[EXERCISE AIM] Please copy every line of the data in which the string "cardboard" appears.

::: GIVEN DATA :::

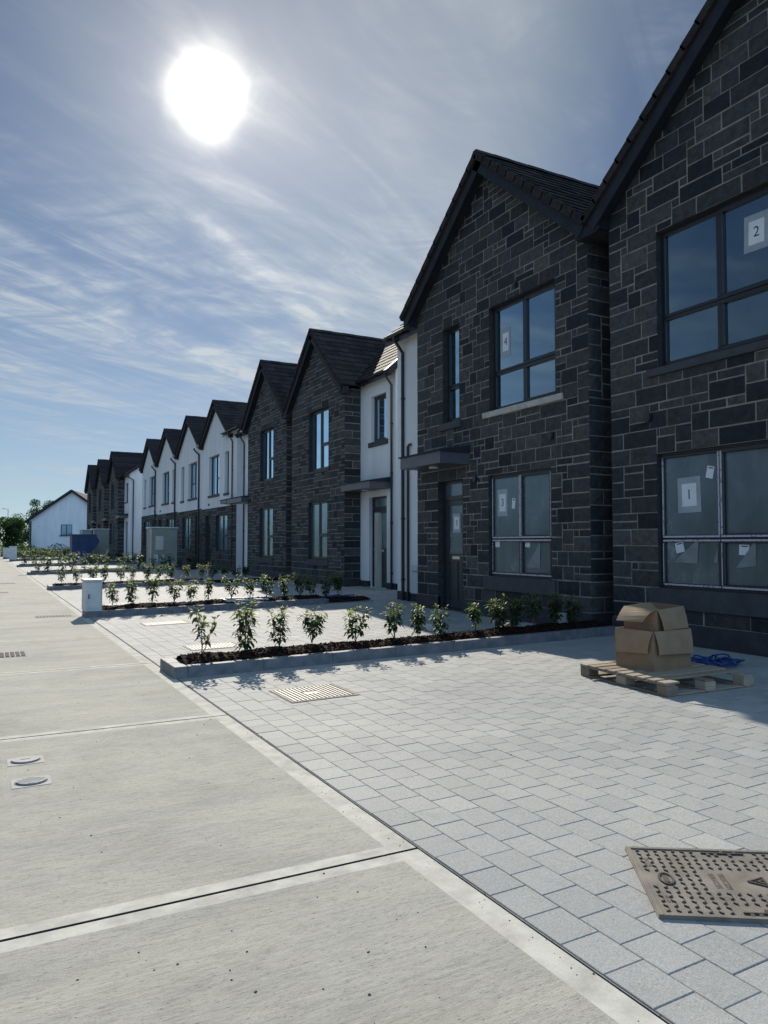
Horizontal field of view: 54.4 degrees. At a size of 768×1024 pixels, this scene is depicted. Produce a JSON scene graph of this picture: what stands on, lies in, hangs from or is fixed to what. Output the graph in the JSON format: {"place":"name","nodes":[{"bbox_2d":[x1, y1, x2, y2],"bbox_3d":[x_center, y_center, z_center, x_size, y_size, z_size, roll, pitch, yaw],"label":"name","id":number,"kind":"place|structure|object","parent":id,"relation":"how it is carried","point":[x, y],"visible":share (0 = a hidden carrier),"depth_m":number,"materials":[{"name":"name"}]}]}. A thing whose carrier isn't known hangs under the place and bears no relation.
{"place":"outdoors","nodes":[
{"label":"outdoors","id":0,"kind":"place"},
{"bbox_2d":[0,543,69,556],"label":"shrubbery","id":1,"kind":"object","parent":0,"point":[20,546],"visible":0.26,"depth_m":92.82,"materials":[{"name":"green plant"}]},
{"bbox_2d":[0,556,665,1023],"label":"road","id":2,"kind":"structure","parent":0,"point":[280,896],"depth_m":3.37,"materials":[{"name":"concrete"}]},
{"bbox_2d":[0,651,26,657],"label":"gully","id":3,"kind":"object","parent":2,"relation":"on","point":[13,654],"visible":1,"depth_m":10.40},
{"bbox_2d":[7,755,43,766],"bbox_3d":[-2.563,1.782,5.339,0.235,0.036,0.205,1,-3,-28],"label":"valve cover","id":4,"kind":"object","parent":2,"relation":"on","point":[23,760],"visible":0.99,"depth_m":5.31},
{"bbox_2d":[10,775,51,789],"bbox_3d":[-2.298,1.762,4.863,0.235,0.036,0.205,1,-3,-28],"label":"valve cover","id":5,"kind":"object","parent":2,"relation":"on","point":[31,781],"visible":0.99,"depth_m":4.84,"materials":[{"name":"metal"}]},
{"bbox_2d":[34,614,73,617],"bbox_3d":[-7.090,2.244,16.058,0.770,0.031,0.450,1,-3,-28],"label":"road gully","id":6,"kind":"object","parent":2,"relation":"on","point":[43,616],"visible":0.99,"depth_m":15.97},
{"bbox_2d":[38,682,728,1023],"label":"loose grit","id":7,"kind":"object","parent":2,"relation":"on","point":[255,991],"visible":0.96,"depth_m":2.97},
{"bbox_2d":[0,0,706,545],"label":"sky","id":8,"kind":"structure","parent":0,"point":[190,189],"materials":[{"name":"blue"}]},
{"bbox_2d":[6,555,767,1023],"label":"driveway paving","id":9,"kind":"structure","parent":0,"point":[538,787],"depth_m":5.25,"materials":[{"name":"concrete"}]},
{"bbox_2d":[3,548,8,558],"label":"street cabinet","id":10,"kind":"object","parent":9,"relation":"on","point":[5,553],"visible":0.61,"depth_m":77.73,"materials":[{"name":"grey metal"}]},
{"bbox_2d":[9,546,16,560],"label":"street cabinet","id":11,"kind":"object","parent":9,"relation":"on","point":[12,553],"visible":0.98,"depth_m":66.89,"materials":[{"name":"grey metal"}]},
{"bbox_2d":[17,557,78,560],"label":"planting bed","id":12,"kind":"object","parent":9,"relation":"on","point":[29,559],"visible":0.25,"depth_m":68.20,"materials":[{"name":"soil"}]},
{"bbox_2d":[24,490,86,554],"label":"bungalow","id":13,"kind":"object","parent":9,"relation":"on","point":[60,519],"visible":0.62,"depth_m":101.64,"materials":[{"name":"white paint"}]},
{"bbox_2d":[17,561,145,566],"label":"planting bed","id":14,"kind":"object","parent":9,"relation":"on","point":[57,564],"visible":0.66,"depth_m":51.98,"materials":[{"name":"concrete"}]},
{"bbox_2d":[69,534,99,561],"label":"skip","id":15,"kind":"object","parent":9,"relation":"on","point":[85,544],"visible":0.73,"depth_m":55.97,"materials":[{"name":"blue paint"}]},
{"bbox_2d":[79,529,91,561],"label":"service kiosk","id":16,"kind":"object","parent":9,"relation":"on","point":[85,531],"visible":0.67,"depth_m":58.92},
{"bbox_2d":[84,465,96,528],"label":"stone house","id":17,"kind":"structure","parent":9,"relation":"on","point":[90,491],"depth_m":82.68,"materials":[{"name":"paint"}]},
{"bbox_2d":[81,578,103,617],"bbox_3d":[-6.251,1.860,15.979,0.380,0.850,0.670,1,-3,-28],"label":"street cabinet","id":18,"kind":"object","parent":9,"relation":"on","point":[91,594],"visible":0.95,"depth_m":15.72,"materials":[{"name":"grey metal"}]},
{"bbox_2d":[91,529,109,561],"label":"service kiosk","id":19,"kind":"object","parent":9,"relation":"on","point":[102,547],"visible":0.6,"depth_m":58.94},
{"bbox_2d":[93,459,108,528],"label":"stone house","id":20,"kind":"structure","parent":9,"relation":"on","point":[100,486],"depth_m":75.16,"materials":[{"name":"paint"}]},
{"bbox_2d":[27,566,201,574],"bbox_3d":[-14.169,3.114,40.014,8.924,0.344,1.100,1,-3,-28],"label":"planting bed","id":21,"kind":"object","parent":9,"relation":"on","point":[34,572],"visible":0.62,"depth_m":38.97,"materials":[{"name":"concrete"}]},
{"bbox_2d":[42,556,52,570],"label":"laurel bush","id":22,"kind":"object","parent":21,"relation":"on","point":[47,562],"visible":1,"depth_m":38.18,"materials":[{"name":"green plant"}]},
{"bbox_2d":[105,451,142,559],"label":"stone house","id":23,"kind":"structure","parent":9,"relation":"on","point":[123,481],"depth_m":65.92,"materials":[{"name":"paint"}]},
{"bbox_2d":[109,523,113,545],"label":"window","id":24,"kind":"structure","parent":23,"relation":"in","point":[112,524],"depth_m":69.29,"materials":[{"name":"glass"}]},
{"bbox_2d":[139,438,160,561],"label":"terrace house","id":25,"kind":"structure","parent":9,"relation":"on","point":[146,470],"depth_m":58.17,"materials":[{"name":"paint"}]},
{"bbox_2d":[143,521,149,547],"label":"window","id":26,"kind":"structure","parent":25,"relation":"in","point":[147,523],"depth_m":59.03,"materials":[{"name":"glass"}]},
{"bbox_2d":[148,477,157,507],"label":"window","id":27,"kind":"structure","parent":25,"relation":"in","point":[153,478],"depth_m":57.57,"materials":[{"name":"glass"}]},
{"bbox_2d":[146,527,178,566],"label":"service kiosk","id":28,"kind":"object","parent":9,"relation":"on","point":[161,540],"visible":0.77,"depth_m":43.08,"materials":[{"name":"metal"}]},
{"bbox_2d":[140,620,189,625],"bbox_3d":[-4.229,2.154,14.444,0.874,0.031,0.624,1,-3,-28],"label":"drain cover","id":29,"kind":"object","parent":9,"relation":"on","point":[165,623],"visible":0.99,"depth_m":14.39,"materials":[{"name":"metal"}]},
{"bbox_2d":[151,428,180,526],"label":"terrace house","id":30,"kind":"structure","parent":9,"relation":"on","point":[163,463],"depth_m":52.56,"materials":[{"name":"paint"}]},
{"bbox_2d":[161,472,168,505],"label":"window","id":31,"kind":"structure","parent":30,"relation":"in","point":[166,498],"depth_m":53.02,"materials":[{"name":"glass"}]},
{"bbox_2d":[47,577,286,589],"bbox_3d":[-7.721,2.587,27.427,8.444,0.320,1.000,1,-3,-28],"label":"planting bed","id":32,"kind":"object","parent":9,"relation":"on","point":[67,586],"visible":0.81,"depth_m":26.56,"materials":[{"name":"concrete"}]},
{"bbox_2d":[56,569,67,582],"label":"laurel bush","id":33,"kind":"object","parent":32,"relation":"on","point":[61,575],"visible":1,"depth_m":25.77,"materials":[{"name":"green plant"}]},
{"bbox_2d":[71,568,81,581],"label":"laurel bush","id":34,"kind":"object","parent":32,"relation":"on","point":[75,574],"visible":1,"depth_m":25.89,"materials":[{"name":"green plant"}]},
{"bbox_2d":[86,563,98,577],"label":"laurel bush","id":35,"kind":"object","parent":32,"relation":"on","point":[92,575],"visible":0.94,"depth_m":26.09,"materials":[{"name":"green plant"}]},
{"bbox_2d":[100,564,108,580],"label":"laurel bush","id":36,"kind":"object","parent":32,"relation":"on","point":[104,570],"visible":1,"depth_m":26.40,"materials":[{"name":"green plant"}]},
{"bbox_2d":[114,564,125,578],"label":"laurel bush","id":37,"kind":"object","parent":32,"relation":"on","point":[121,574],"visible":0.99,"depth_m":26.60,"materials":[{"name":"green plant"}]},
{"bbox_2d":[142,561,152,579],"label":"laurel bush","id":38,"kind":"object","parent":32,"relation":"on","point":[146,573],"visible":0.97,"depth_m":26.94,"materials":[{"name":"green plant"}]},
{"bbox_2d":[153,564,165,578],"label":"laurel bush","id":39,"kind":"object","parent":32,"relation":"on","point":[159,572],"visible":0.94,"depth_m":27.13,"materials":[{"name":"green plant"}]},
{"bbox_2d":[165,563,175,578],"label":"laurel bush","id":40,"kind":"object","parent":32,"relation":"on","point":[171,574],"visible":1,"depth_m":27.49,"materials":[{"name":"green plant"}]},
{"bbox_2d":[206,562,219,579],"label":"laurel bush","id":41,"kind":"object","parent":32,"relation":"on","point":[211,569],"visible":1,"depth_m":28.13,"materials":[{"name":"green plant"}]},
{"bbox_2d":[170,415,205,566],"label":"terrace house","id":42,"kind":"structure","parent":9,"relation":"on","point":[185,455],"depth_m":46.72,"materials":[{"name":"paint"}]},
{"bbox_2d":[181,518,190,550],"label":"window","id":43,"kind":"structure","parent":42,"relation":"in","point":[186,520],"depth_m":47.17,"materials":[{"name":"glass"}]},
{"bbox_2d":[187,462,196,500],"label":"window","id":44,"kind":"structure","parent":42,"relation":"in","point":[193,466],"depth_m":46.18,"materials":[{"name":"glass"}]},
{"bbox_2d":[182,642,242,650],"bbox_3d":[-2.557,2.015,11.185,0.804,0.030,0.594,1,-3,-28],"label":"drain cover","id":45,"kind":"object","parent":9,"relation":"on","point":[213,646],"visible":0.85,"depth_m":11.14,"materials":[{"name":"metal"}]},
{"bbox_2d":[193,400,246,571],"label":"terrace house","id":46,"kind":"structure","parent":9,"relation":"on","point":[220,444],"depth_m":40.45,"materials":[{"name":"paint"}]},
{"bbox_2d":[208,523,209,566],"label":"door","id":47,"kind":"structure","parent":46,"relation":"in","point":[208,523],"depth_m":42.68,"materials":[{"name":"paint"}]},
{"bbox_2d":[207,455,219,497],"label":"window","id":48,"kind":"structure","parent":46,"relation":"in","point":[215,460],"depth_m":41.90,"materials":[{"name":"glass"}]},
{"bbox_2d":[214,514,227,552],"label":"window","id":49,"kind":"structure","parent":46,"relation":"in","point":[222,519],"depth_m":40.19,"materials":[{"name":"glass"}]},
{"bbox_2d":[88,594,372,617],"bbox_3d":[-3.457,2.167,17.667,6.744,0.324,0.950,1,-3,-28],"label":"planting bed","id":50,"kind":"object","parent":9,"relation":"on","point":[139,608],"visible":0.89,"depth_m":17.03,"materials":[{"name":"concrete"}]},
{"bbox_2d":[104,583,118,605],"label":"laurel bush","id":51,"kind":"object","parent":50,"relation":"on","point":[112,592],"visible":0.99,"depth_m":16.34,"materials":[{"name":"green plant"}]},
{"bbox_2d":[123,577,139,603],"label":"laurel bush","id":52,"kind":"object","parent":50,"relation":"on","point":[130,595],"visible":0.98,"depth_m":16.58,"materials":[{"name":"green plant"}]},
{"bbox_2d":[145,575,159,602],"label":"laurel bush","id":53,"kind":"object","parent":50,"relation":"on","point":[152,584],"visible":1,"depth_m":16.68,"materials":[{"name":"green plant"}]},
{"bbox_2d":[162,575,185,600],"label":"laurel bush","id":54,"kind":"object","parent":50,"relation":"on","point":[172,590],"visible":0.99,"depth_m":17.05,"materials":[{"name":"green plant"}]},
{"bbox_2d":[184,580,199,601],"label":"laurel bush","id":55,"kind":"object","parent":50,"relation":"on","point":[193,590],"visible":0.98,"depth_m":17.14,"materials":[{"name":"green plant"}]},
{"bbox_2d":[203,578,213,599],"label":"laurel bush","id":56,"kind":"object","parent":50,"relation":"on","point":[209,586],"visible":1,"depth_m":17.42,"materials":[{"name":"green plant"}]},
{"bbox_2d":[220,573,241,597],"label":"laurel bush","id":57,"kind":"object","parent":50,"relation":"on","point":[231,587],"visible":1,"depth_m":17.62,"materials":[{"name":"green plant"}]},
{"bbox_2d":[242,577,256,596],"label":"laurel bush","id":58,"kind":"object","parent":50,"relation":"on","point":[249,586],"visible":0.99,"depth_m":17.76,"materials":[{"name":"green plant"}]},
{"bbox_2d":[259,574,275,595],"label":"laurel bush","id":59,"kind":"object","parent":50,"relation":"on","point":[263,588],"visible":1,"depth_m":18.11,"materials":[{"name":"green plant"}]},
{"bbox_2d":[277,574,290,595],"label":"laurel bush","id":60,"kind":"object","parent":50,"relation":"on","point":[284,586],"visible":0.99,"depth_m":18.32,"materials":[{"name":"green plant"}]},
{"bbox_2d":[292,572,309,594],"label":"laurel bush","id":61,"kind":"object","parent":50,"relation":"on","point":[299,583],"visible":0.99,"depth_m":18.46,"materials":[{"name":"green plant"}]},
{"bbox_2d":[304,576,317,594],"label":"laurel bush","id":62,"kind":"object","parent":50,"relation":"on","point":[312,585],"visible":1,"depth_m":18.57,"materials":[{"name":"green plant"}]},
{"bbox_2d":[319,575,331,597],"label":"laurel bush","id":63,"kind":"object","parent":50,"relation":"on","point":[325,586],"visible":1,"depth_m":18.79,"materials":[{"name":"green plant"}]},
{"bbox_2d":[332,572,343,595],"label":"laurel bush","id":64,"kind":"object","parent":50,"relation":"on","point":[338,581],"visible":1,"depth_m":19.02,"materials":[{"name":"green plant"}]},
{"bbox_2d":[219,597,268,601],"bbox_3d":[-3.334,2.107,17.758,1.050,0.110,0.550,1,-3,-28],"label":"chamber frame","id":65,"kind":"object","parent":9,"relation":"on","point":[239,599],"visible":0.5,"depth_m":17.53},
{"bbox_2d":[227,359,296,579],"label":"stone house","id":66,"kind":"structure","parent":9,"relation":"on","point":[265,431],"depth_m":31.90,"materials":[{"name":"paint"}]},
{"bbox_2d":[258,428,273,483],"bbox_3d":[-4.930,-2.389,31.848,0.250,2.300,1.840,1,-3,-28],"label":"window","id":67,"kind":"structure","parent":66,"relation":"in","point":[267,435],"depth_m":32.11,"materials":[{"name":"glass"}]},
{"bbox_2d":[258,507,273,562],"bbox_3d":[-4.955,0.979,31.708,0.210,2.340,1.870,1,-3,-28],"label":"window","id":68,"kind":"structure","parent":66,"relation":"in","point":[266,522],"depth_m":31.80,"materials":[{"name":"glass"}]},
{"bbox_2d":[269,683,359,703],"bbox_3d":[-0.726,1.866,7.694,0.744,0.029,0.704,1,-3,-28],"label":"drain cover","id":69,"kind":"object","parent":9,"relation":"on","point":[310,693],"visible":1,"depth_m":7.65,"materials":[{"name":"metal"}]},
{"bbox_2d":[282,328,397,589],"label":"stone house","id":70,"kind":"structure","parent":9,"relation":"on","point":[340,405],"depth_m":25.45,"materials":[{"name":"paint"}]},
{"bbox_2d":[306,501,328,565],"bbox_3d":[-2.329,0.768,26.806,0.210,2.300,1.900,1,-3,-28],"label":"window","id":71,"kind":"structure","parent":70,"relation":"in","point":[313,560],"depth_m":26.82,"materials":[{"name":"plastic"}]},
{"bbox_2d":[307,407,329,474],"bbox_3d":[-2.292,-2.550,26.922,0.250,2.300,1.980,1,-3,-28],"label":"window","id":72,"kind":"structure","parent":70,"relation":"in","point":[320,419],"depth_m":27.11,"materials":[{"name":"glass"}]},
{"bbox_2d":[368,393,387,447],"bbox_3d":[-0.114,-2.964,24.139,0.250,1.670,1.310,1,-3,-28],"label":"window","id":73,"kind":"structure","parent":70,"relation":"in","point":[379,401],"depth_m":24.30,"materials":[{"name":"glass"}]},
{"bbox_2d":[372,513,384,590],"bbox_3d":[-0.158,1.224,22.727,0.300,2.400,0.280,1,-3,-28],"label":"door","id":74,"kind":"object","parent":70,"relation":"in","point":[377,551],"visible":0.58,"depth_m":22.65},
{"bbox_2d":[374,509,386,586],"bbox_3d":[-0.076,1.156,24.045,0.105,2.460,1.090,1,-3,-28],"label":"door","id":75,"kind":"structure","parent":70,"relation":"in","point":[384,550],"depth_m":23.91,"materials":[{"name":"paint"}]},
{"bbox_2d":[160,620,615,679],"bbox_3d":[0.457,1.847,10.531,6.904,0.352,0.780,1,-3,-28],"label":"planting bed","id":76,"kind":"object","parent":9,"relation":"on","point":[192,665],"visible":1,"depth_m":9.86,"materials":[{"name":"concrete"}]},
{"bbox_2d":[188,607,220,653],"bbox_3d":[-2.206,1.485,9.235,0.406,0.615,0.458,1,-3,-28],"label":"laurel bush","id":77,"kind":"object","parent":76,"relation":"on","point":[206,638],"visible":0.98,"depth_m":9.21,"materials":[{"name":"green plant"}]},
{"bbox_2d":[230,600,260,649],"bbox_3d":[-1.728,1.452,9.431,0.480,0.691,0.492,-2,-3,39],"label":"laurel bush","id":78,"kind":"object","parent":76,"relation":"on","point":[242,629],"visible":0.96,"depth_m":9.37,"materials":[{"name":"green plant"}]},
{"bbox_2d":[265,605,293,646],"bbox_3d":[-1.361,1.490,9.611,0.358,0.587,0.473,1,-3,-23],"label":"laurel bush","id":79,"kind":"object","parent":76,"relation":"on","point":[282,620],"visible":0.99,"depth_m":9.57,"materials":[{"name":"green plant"}]},
{"bbox_2d":[296,607,327,642],"bbox_3d":[-0.932,1.531,9.914,0.366,0.533,0.439,-2,-3,36],"label":"laurel bush","id":80,"kind":"object","parent":76,"relation":"on","point":[311,623],"visible":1,"depth_m":9.86,"materials":[{"name":"green plant"}]},
{"bbox_2d":[342,606,373,642],"bbox_3d":[-0.345,1.550,10.149,0.451,0.530,0.464,-1,-3,14],"label":"laurel bush","id":81,"kind":"object","parent":76,"relation":"on","point":[355,631],"visible":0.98,"depth_m":10.08,"materials":[{"name":"green plant"}]},
{"bbox_2d":[380,602,405,638],"bbox_3d":[0.149,1.541,10.447,0.374,0.564,0.387,-1,-3,22],"label":"laurel bush","id":82,"kind":"object","parent":76,"relation":"on","point":[389,622],"visible":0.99,"depth_m":10.42,"materials":[{"name":"green plant"}]},
{"bbox_2d":[408,603,426,635],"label":"laurel bush","id":83,"kind":"object","parent":76,"relation":"on","point":[418,620],"visible":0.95,"depth_m":10.54,"materials":[{"name":"green plant"}]},
{"bbox_2d":[428,603,450,635],"bbox_3d":[0.793,1.576,10.785,0.358,0.518,0.303,-1,-3,26],"label":"laurel bush","id":84,"kind":"object","parent":76,"relation":"on","point":[436,623],"visible":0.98,"depth_m":10.77,"materials":[{"name":"green plant"}]},
{"bbox_2d":[465,602,483,629],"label":"laurel bush","id":85,"kind":"object","parent":76,"relation":"on","point":[474,613],"visible":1,"depth_m":11.03,"materials":[{"name":"green plant"}]},
{"bbox_2d":[484,593,508,627],"bbox_3d":[1.704,1.510,11.266,0.409,0.564,0.403,0,-2,11],"label":"laurel bush","id":86,"kind":"object","parent":76,"relation":"on","point":[498,617],"visible":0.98,"depth_m":11.23,"materials":[{"name":"green plant"}]},
{"bbox_2d":[505,595,524,626],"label":"laurel bush","id":87,"kind":"object","parent":76,"relation":"on","point":[514,612],"visible":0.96,"depth_m":11.41,"materials":[{"name":"green plant"}]},
{"bbox_2d":[524,592,544,624],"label":"laurel bush","id":88,"kind":"object","parent":76,"relation":"on","point":[531,603],"visible":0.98,"depth_m":11.58,"materials":[{"name":"green plant"}]},
{"bbox_2d":[547,592,566,623],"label":"laurel bush","id":89,"kind":"object","parent":76,"relation":"on","point":[552,607],"visible":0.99,"depth_m":11.73,"materials":[{"name":"green plant"}]},
{"bbox_2d":[558,612,568,622],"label":"concrete block","id":90,"kind":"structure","parent":76,"relation":"on","point":[564,619],"depth_m":11.96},
{"bbox_2d":[563,594,582,621],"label":"laurel bush","id":91,"kind":"object","parent":76,"relation":"on","point":[571,612],"visible":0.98,"depth_m":11.97,"materials":[{"name":"green plant"}]},
{"bbox_2d":[382,149,613,625],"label":"stone house","id":92,"kind":"structure","parent":9,"relation":"on","point":[499,337],"depth_m":15.00,"materials":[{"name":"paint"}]},
{"bbox_2d":[439,326,461,431],"bbox_3d":[1.531,-2.925,16.300,0.260,2.260,0.810,1,-3,-28],"label":"window","id":93,"kind":"structure","parent":92,"relation":"in","point":[453,422],"depth_m":16.44,"materials":[{"name":"plastic"}]},
{"bbox_2d":[446,500,462,608],"bbox_3d":[1.564,0.910,16.216,0.105,2.340,0.830,1,-3,-28],"label":"door","id":94,"kind":"structure","parent":92,"relation":"in","point":[454,562],"depth_m":16.32,"materials":[{"name":"paint"}]},
{"bbox_2d":[483,468,556,595],"bbox_3d":[2.574,0.375,14.123,0.180,2.280,2.140,1,-3,-28],"label":"window","id":95,"kind":"structure","parent":92,"relation":"in","point":[509,583],"depth_m":14.11,"materials":[{"name":"plastic"}]},
{"bbox_2d":[482,281,562,418],"bbox_3d":[2.643,-3.035,14.193,0.230,2.220,2.360,1,-3,-28],"label":"window","id":96,"kind":"structure","parent":92,"relation":"in","point":[505,316],"depth_m":14.56,"materials":[{"name":"plastic"}]},
{"bbox_2d":[580,660,753,696],"bbox_3d":[2.977,1.753,8.053,1.260,0.155,1.310,1,-3,-24],"label":"pallet","id":97,"kind":"object","parent":9,"relation":"on","point":[667,683],"visible":0.74,"depth_m":7.74,"materials":[{"name":"brown wood"}]},
{"bbox_2d":[614,627,692,671],"bbox_3d":[2.957,1.487,8.216,0.686,0.423,0.590,2,-3,-32],"label":"cardboard box","id":98,"kind":"object","parent":97,"relation":"on","point":[653,651],"visible":0.9,"depth_m":8.00,"materials":[{"name":"cardboard"}]},
{"bbox_2d":[616,602,688,631],"bbox_3d":[2.934,1.217,8.188,0.716,0.397,0.480,2,-3,-38],"label":"cardboard box","id":99,"kind":"object","parent":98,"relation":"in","point":[652,616],"visible":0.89,"depth_m":8.07,"materials":[{"name":"cardboard"}]},
{"bbox_2d":[583,0,767,656],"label":"stone house","id":100,"kind":"structure","parent":9,"relation":"on","point":[678,206],"depth_m":11.17,"materials":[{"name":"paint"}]},
{"bbox_2d":[646,185,767,377],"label":"window","id":101,"kind":"structure","parent":100,"relation":"in","point":[755,225],"depth_m":10.40,"materials":[{"name":"plastic"}]},
{"bbox_2d":[649,440,767,617],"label":"window","id":102,"kind":"structure","parent":100,"relation":"in","point":[741,603],"depth_m":10.36,"materials":[{"name":"plastic"}]},
{"bbox_2d":[625,846,767,924],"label":"service cover","id":103,"kind":"object","parent":9,"relation":"on","point":[711,885],"visible":1,"depth_m":3.36,"materials":[{"name":"metal"}]},
{"bbox_2d":[691,653,744,666],"bbox_3d":[3.922,1.790,8.940,0.875,0.110,0.538,1,-3,-28],"label":"blue rope","id":104,"kind":"object","parent":9,"relation":"on","point":[721,661],"visible":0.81,"depth_m":8.88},
{"bbox_2d":[423,623,442,631],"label":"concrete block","id":105,"kind":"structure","parent":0,"point":[428,627],"depth_m":12.57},
{"label":"ground","id":106,"kind":"structure","parent":0,"visible":0},
{"bbox_2d":[0,516,28,555],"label":"tree","id":107,"kind":"object","parent":106,"relation":"on","point":[12,527],"visible":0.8,"depth_m":99.17,"materials":[{"name":"green plant"}]},
{"bbox_2d":[2,513,33,544],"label":"tree","id":108,"kind":"object","parent":106,"relation":"on","point":[26,529],"visible":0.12,"depth_m":117.82,"materials":[{"name":"green plant"}]},
{"bbox_2d":[26,499,52,525],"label":"tree","id":109,"kind":"object","parent":106,"relation":"on","point":[33,503],"visible":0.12,"depth_m":125.49,"materials":[{"name":"green plant"}]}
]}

:::

[RESPONSE]
{"bbox_2d":[614,627,692,671],"bbox_3d":[2.957,1.487,8.216,0.686,0.423,0.590,2,-3,-32],"label":"cardboard box","id":98,"kind":"object","parent":97,"relation":"on","point":[653,651],"visible":0.9,"depth_m":8.00,"materials":[{"name":"cardboard"}]},
{"bbox_2d":[616,602,688,631],"bbox_3d":[2.934,1.217,8.188,0.716,0.397,0.480,2,-3,-38],"label":"cardboard box","id":99,"kind":"object","parent":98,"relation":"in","point":[652,616],"visible":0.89,"depth_m":8.07,"materials":[{"name":"cardboard"}]},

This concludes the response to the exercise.